## EXERCISE MATERIAL
━━━━━━

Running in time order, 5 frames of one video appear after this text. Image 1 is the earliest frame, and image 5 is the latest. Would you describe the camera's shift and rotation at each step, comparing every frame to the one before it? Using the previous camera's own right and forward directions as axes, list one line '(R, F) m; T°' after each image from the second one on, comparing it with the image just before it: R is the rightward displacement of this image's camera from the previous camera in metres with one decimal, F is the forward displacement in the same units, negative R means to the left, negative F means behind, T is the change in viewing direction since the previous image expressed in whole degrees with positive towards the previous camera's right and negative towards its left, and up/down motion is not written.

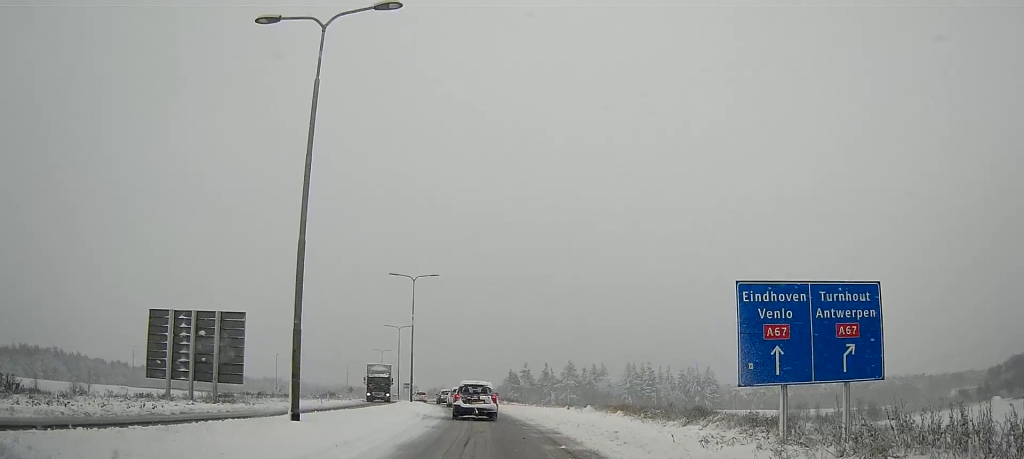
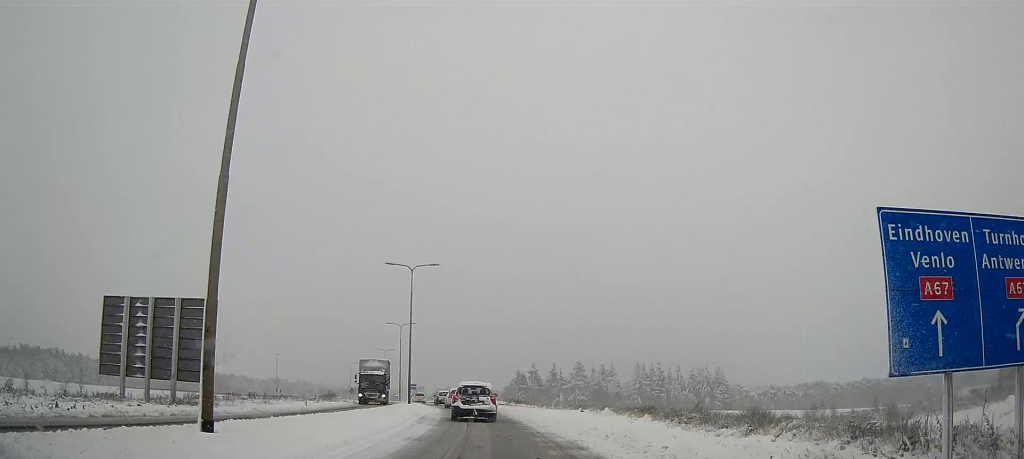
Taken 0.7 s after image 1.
(0.0, +4.7) m; 0°
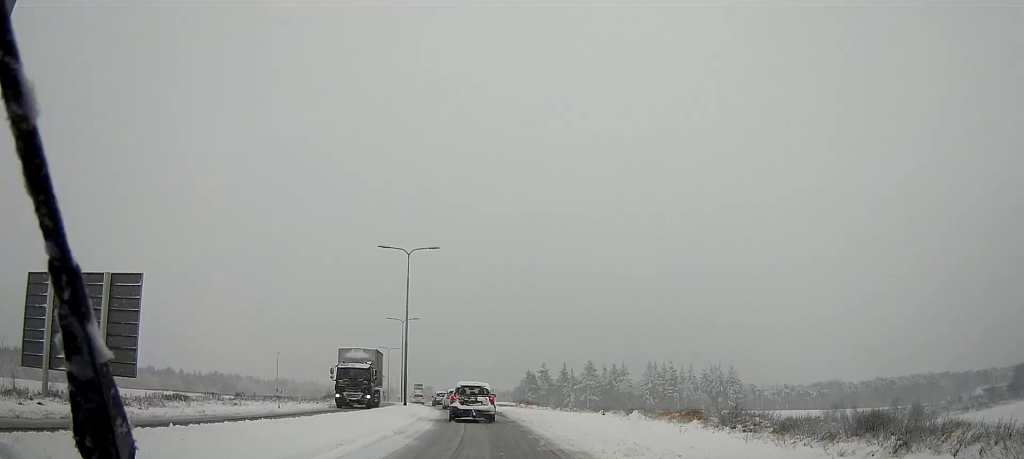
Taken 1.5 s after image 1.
(0.0, +5.9) m; 0°
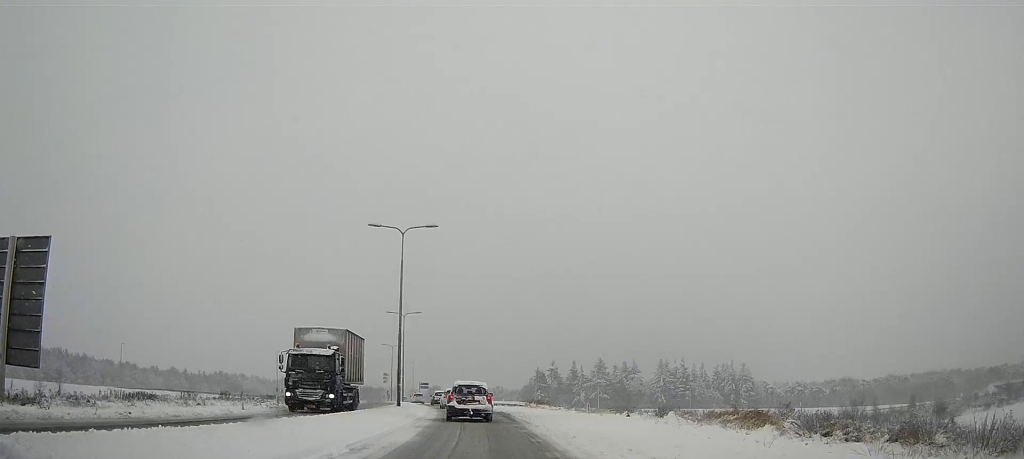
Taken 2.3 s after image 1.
(0.0, +5.4) m; +1°
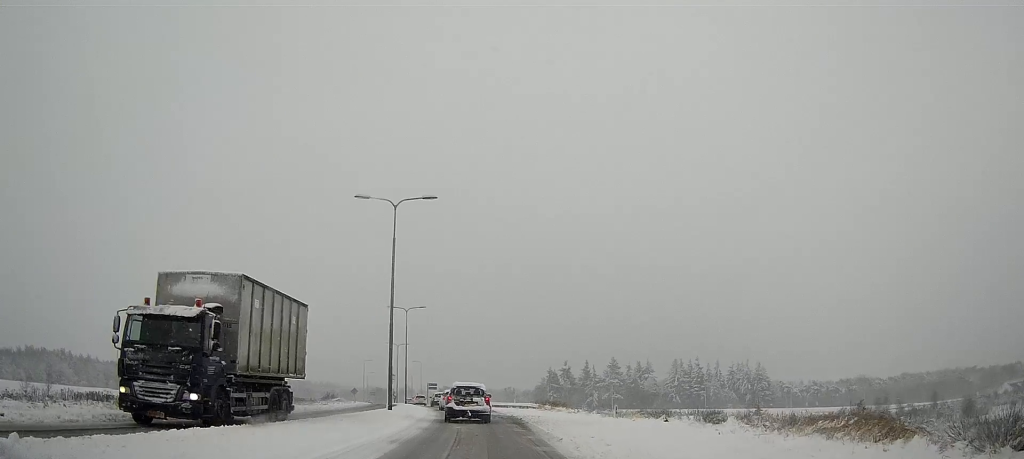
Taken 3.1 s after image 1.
(+0.1, +6.1) m; +1°

━━━━━━

## EXERCISE PROMPT
Without changing a word, retype every entry above, but drop its pictures.

## RESULT
Running in time order, 5 frames of one video appear after this text. Image 1 is the earliest frame, and image 5 is the latest. Would you describe the camera's shift and rotation at each step, comparing every frame to the one before it? Using the previous camera's own right and forward directions as axes, list one line '(R, F) m; T°' after each image from the second one on, comparing it with the image just before it: R is the rightward displacement of this image's camera from the previous camera in metres with one decimal, F is the forward displacement in the same units, negative R means to the left, negative F means behind, T is the change in viewing direction since the previous image expressed in whole degrees with positive towards the previous camera's right and negative towards its left, and up/down motion is not written.

Taken 0.7 s after image 1.
(0.0, +4.7) m; 0°
Taken 1.5 s after image 1.
(0.0, +5.9) m; 0°
Taken 2.3 s after image 1.
(0.0, +5.4) m; +1°
Taken 3.1 s after image 1.
(+0.1, +6.1) m; +1°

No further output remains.